ECLI:NL:RBDHA:2014:5236

Rechtbank Den Haag

Datum uitspraak
9 april 2014
Publicatiedatum
28 april 2014
Zaaknummer
AWB 14/5693 en AWB 14/5689
Instantie
Rechtbank Den Haag
Type
Uitspraak
Rechtsgebied
Bestuursrecht; Vreemdelingenrecht
Procedures
  • Eerste aanleg - enkelvoudig
Vindplaatsen
  • Rechtspraak.nl
AI samenvatting door LexboostAutomatisch gegenereerd

Tussenuitspraak over asielaanvraag van Mongoolse verzoekster met betrekking tot bescherming tegen huiselijk geweld in Mongolië

In deze zaak heeft de voorzieningenrechter van de Rechtbank Den Haag op 9 april 2014 uitspraak gedaan in een geschil tussen de Staatssecretaris van Veiligheid en Justitie en een Mongoolse verzoekster die een verblijfsvergunning asiel aanvroeg. De verzoekster had haar aanvraag ingediend in een Aanmeldcentrum, maar deze was door de Staatssecretaris afgewezen. De verzoekster heeft beroep ingesteld tegen dit besluit en verzocht om een voorlopige voorziening. Tijdens de zitting op 2 april 2014 was de verzoekster niet aanwezig, maar vertegenwoordigd door haar gemachtigde. De voorzieningenrechter heeft vastgesteld dat het bestreden besluit een motiveringsgebrek vertoonde, omdat verweerder geen overweging had gewijd aan de vraag of in het algemeen in Mongolië bescherming tegen huiselijk geweld wordt geboden. De voorzieningenrechter oordeelde dat de informatie die verweerder had verstrekt niet voldoende was om te concluderen dat de verzoekster bescherming kon inroepen bij de autoriteiten in haar land van herkomst. De voorzieningenrechter heeft verweerder de gelegenheid gegeven om het motiveringsgebrek te herstellen, en heeft bepaald dat de verzoekster niet zal worden uitgezet totdat er een einduitspraak is gedaan op het verzoek om een voorlopige voorziening. De uitspraak benadrukt de noodzaak van zorgvuldige motivering bij besluiten over asielaanvragen, vooral in gevallen waarin huiselijk geweld een rol speelt.

Uitspraak

RECHTBANK DEN HAAG

Zittingsplaats Utrecht
Bestuursrecht
zaaknummers: AWB 14/5693 en AWB 14/5689

uitspraak van de voorzieningenrechter van 9 april 2014 in de zaak tussen

[verzoekster], geboren op [1982], van Mongoolse nationaliteit, verzoekster,
(gemachtigde: mr.
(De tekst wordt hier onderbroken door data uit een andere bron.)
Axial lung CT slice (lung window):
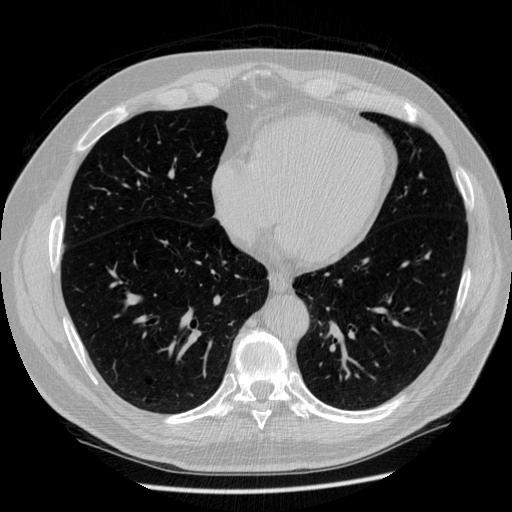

F.K.H. Blom),
en

de Staatssecretaris van Veiligheid en Justitie, verweerder,

(gemachtigde: mr. L. Verheijen).

Procesverloop

Bij besluit van 7 maart 2014 (het bestreden besluit) heeft verweerder de aanvraag van verzoekster tot het verlenen van een verblijfsvergunning asiel voor bepaalde tijd in een Aanmeldcentrum afgewezen.
Verzoekster heeft tegen het bestreden besluit beroep ingesteld. Zij heeft verder de voorzieningenrechter verzocht om een voorlopige voorziening te treffen.
Het onderzoek ter zitting heeft plaatsgevonden op 2 april 2014. Verzoekster is, niet verschenen, vertegenwoordigd door haar gemachtigde. Verweerder heeft zich laten vertegenwoordigen door zijn gemachtigde.

Overwegingen

1.
Na afloop van de zitting is de voorzieningenrechter tot de conclusie gekomen dat nader onderzoek niet kan bijdragen aan de beoordeling van de zaak. De voorzieningenrechter doet daarom op grond van artikel 8:86 van de Algemene wet bestuursrecht (Awb) niet alleen uitspraak op het verzoek om voorlopige voorziening, maar ook op het beroep.
2.
De voorzieningenrechter neemt de volgende, door partijen niet betwiste, feiten als vaststaand aan. Verweerder heeft verzoekster artikel 31, tweede lid, aanhef en onder f, van de Vreemdelingenwet 2000 (Vw) tegengeworpen omdat zij geen documenten ter staving van haar identiteit en nationaliteit heeft overgelegd, noch documenten ter staving van haar reisroute. De voorzieningenrechter stelt vast dat verzoekster hiertegen in beroep geen gronden heeft gericht. Gelet hierop is de voorzieningenrechter van oordeel dat verweerder artikel 31, tweede lid, aanhef en onder f, van de Vw aan verzoekster heeft mogen tegenwerpen
.Van haar relaas dient om die reden positieve overtuigingskracht uit te gaan.
De voorzieningenrechter overweegt dat aan de tegenwerping van artikel 31, tweede lid, aanhef en onder f, van de Vw in deze procedure thans evenwel geen betekenis toekomt, nu verweerder het asielrelaas van verzoekster geloofwaardig heeft bevonden.
3.
Verzoekster heeft aan haar relaas ten grondslag gelegd dat zij begaafd is en met geesten kan communiceren. Haar vriend was hiervan op de hoogte en zette haar onder druk om haar krachten als sjamaan in te zetten om andere mensen te helpen. Voor deze dienst werd zij betaald door de mensen die geholpen werden. De vriend van verzoekster wilde echter dat verzoekster op deze wijze steeds meer geld ging verdienen. Verzoekster weigerde dit steeds. De vriend van verzoekster viel haar telkens lastig, hetgeen uiteindelijk escaleerde. Haar vriend drukte een geweer op haar hoofd en mishandelde haar. De politie is gewaarschuwd, die haar vriend heeft afgevoerd. De volgende dag was haar vriend weer op vrije voeten gesteld en ging hij door met haar onder druk zetten. Zij kon die volgende dag geen klacht indienen bij de politie of aangifte doen. Hierop besloot zij het land te verlaten.
4.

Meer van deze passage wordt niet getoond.